TASK REQUIREMENTS: Only the pictures stay out; please return all the entries below exactly as written.

SUPPLIED MATERIAL START

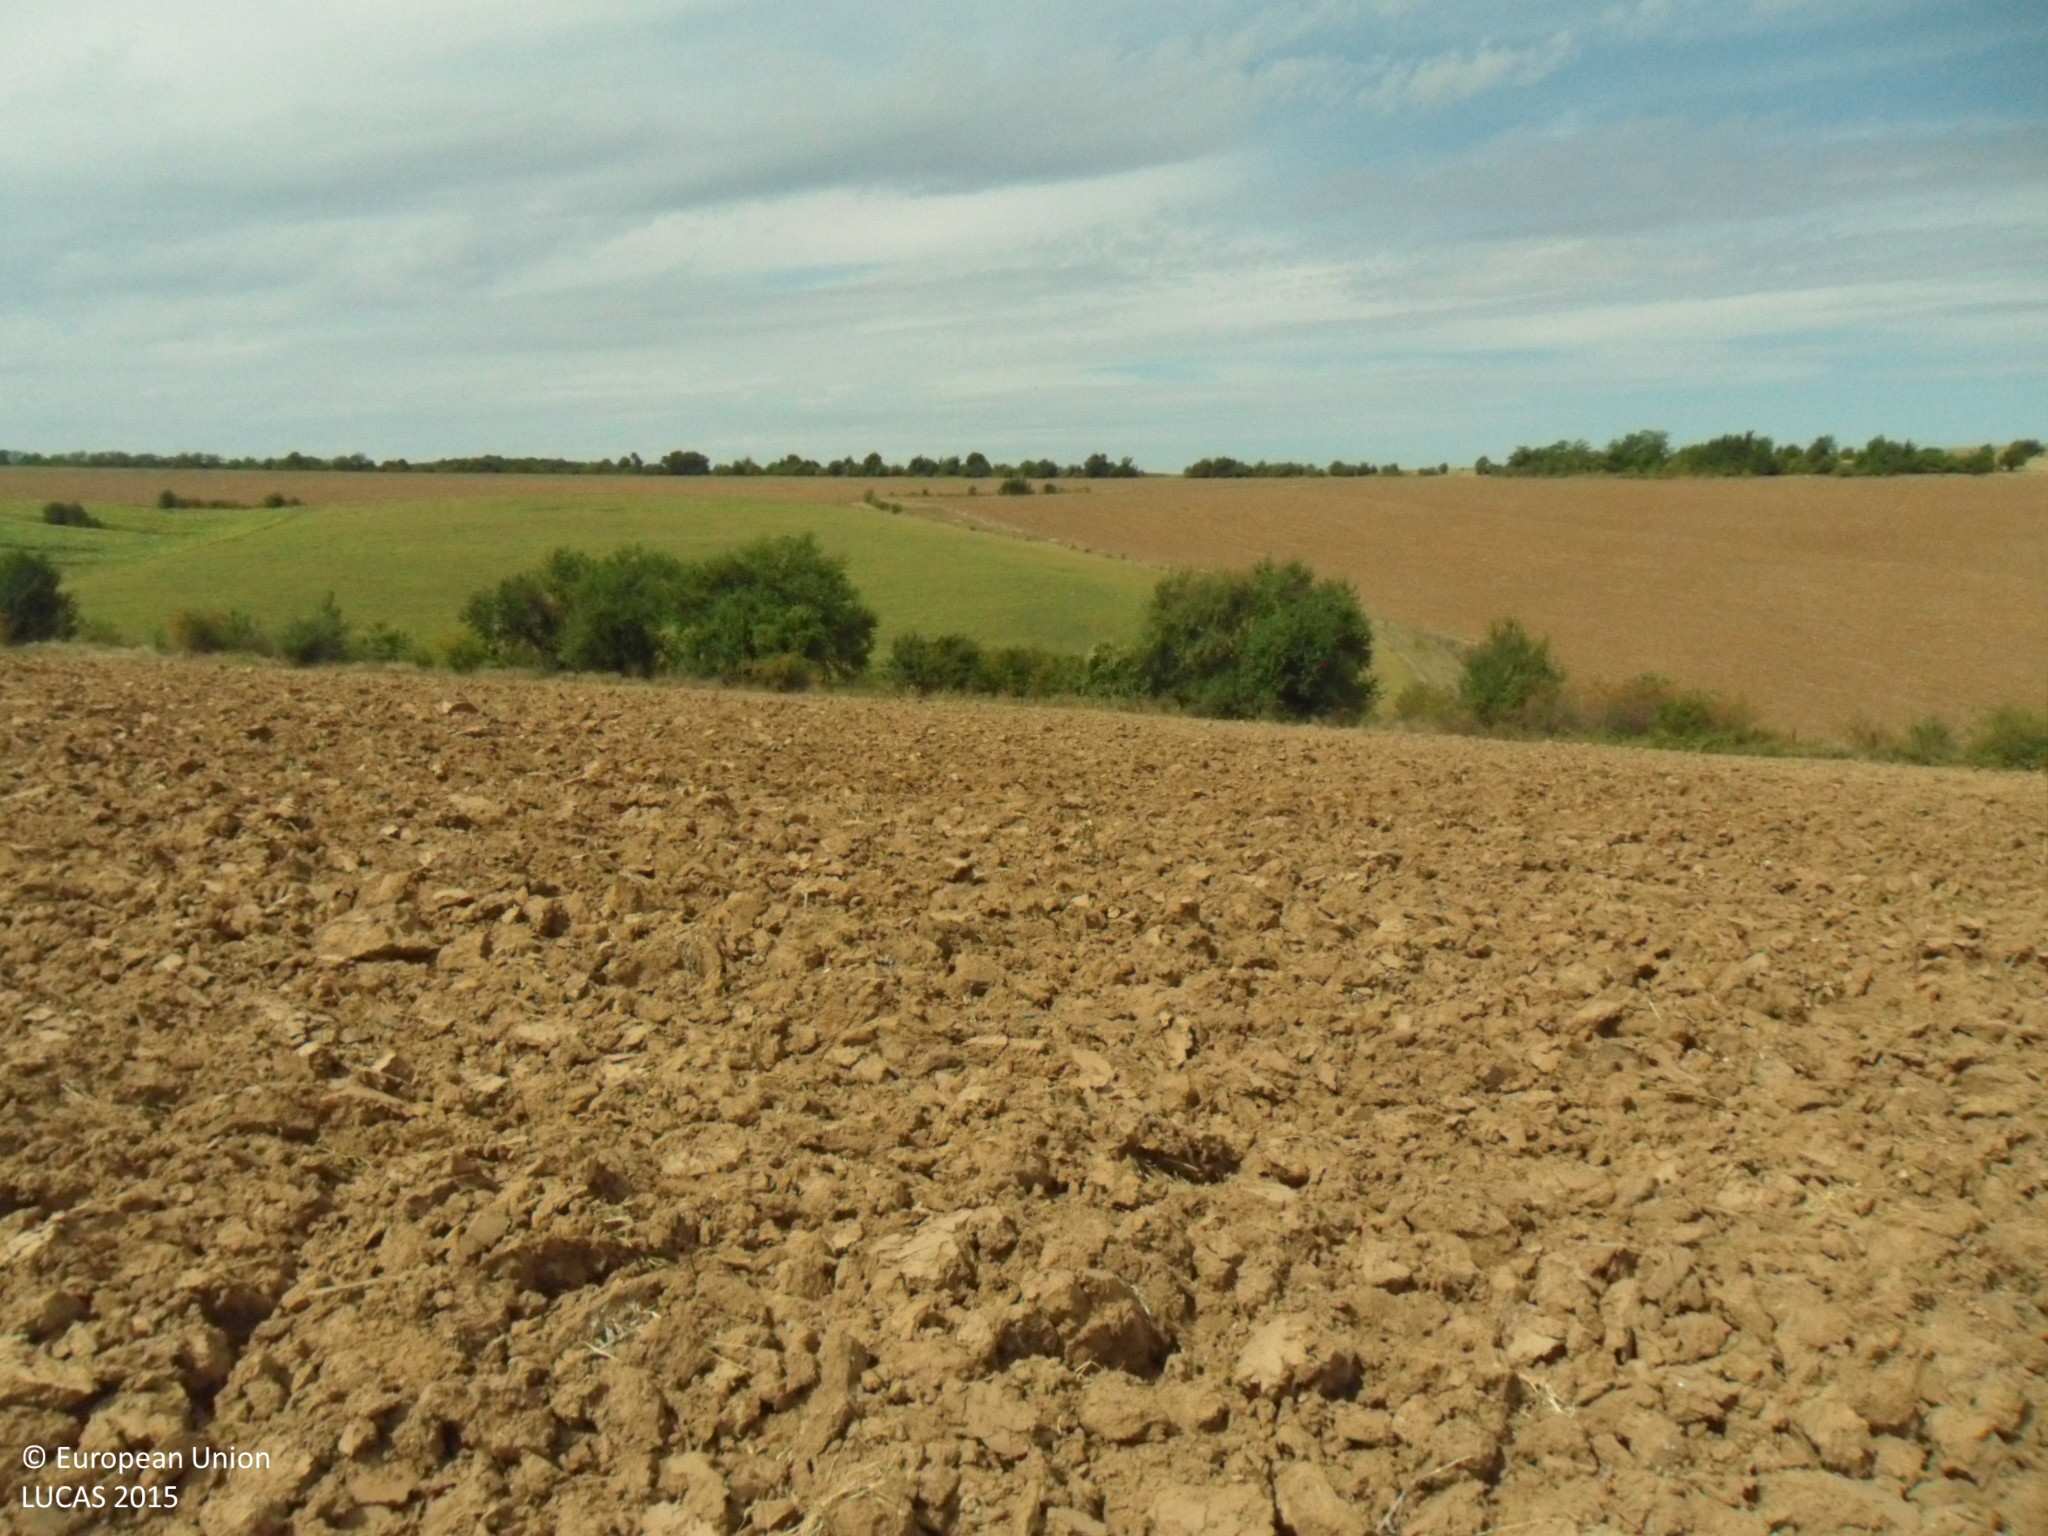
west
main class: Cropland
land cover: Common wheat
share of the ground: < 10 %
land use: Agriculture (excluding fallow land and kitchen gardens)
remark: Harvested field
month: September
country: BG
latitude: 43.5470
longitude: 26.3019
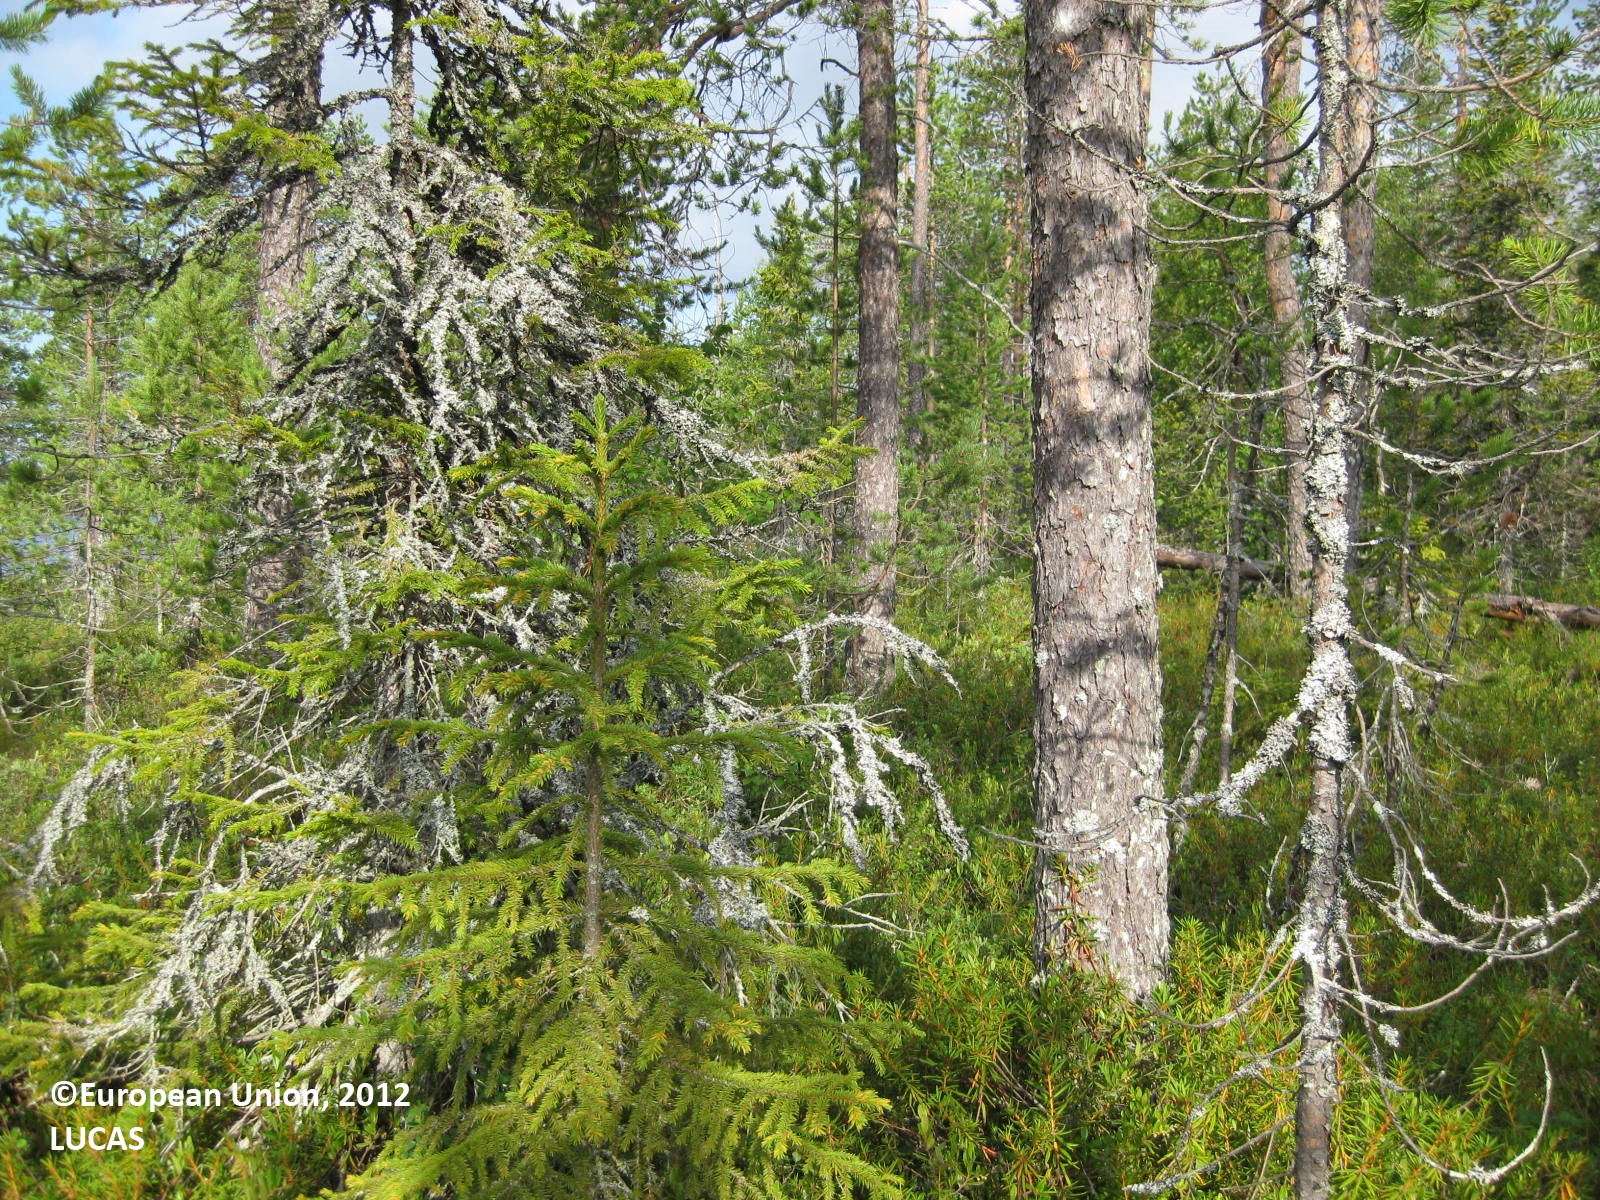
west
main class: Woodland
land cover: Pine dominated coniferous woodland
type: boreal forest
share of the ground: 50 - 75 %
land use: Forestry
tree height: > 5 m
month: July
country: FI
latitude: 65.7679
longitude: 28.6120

SUPPLIED MATERIAL END

ANSWER SECTION:
west
main class: Cropland
land cover: Common wheat
share of the ground: < 10 %
land use: Agriculture (excluding fallow land and kitchen gardens)
remark: Harvested field
month: September
country: BG
latitude: 43.5470
longitude: 26.3019
west
main class: Woodland
land cover: Pine dominated coniferous woodland
type: boreal forest
share of the ground: 50 - 75 %
land use: Forestry
tree height: > 5 m
month: July
country: FI
latitude: 65.7679
longitude: 28.6120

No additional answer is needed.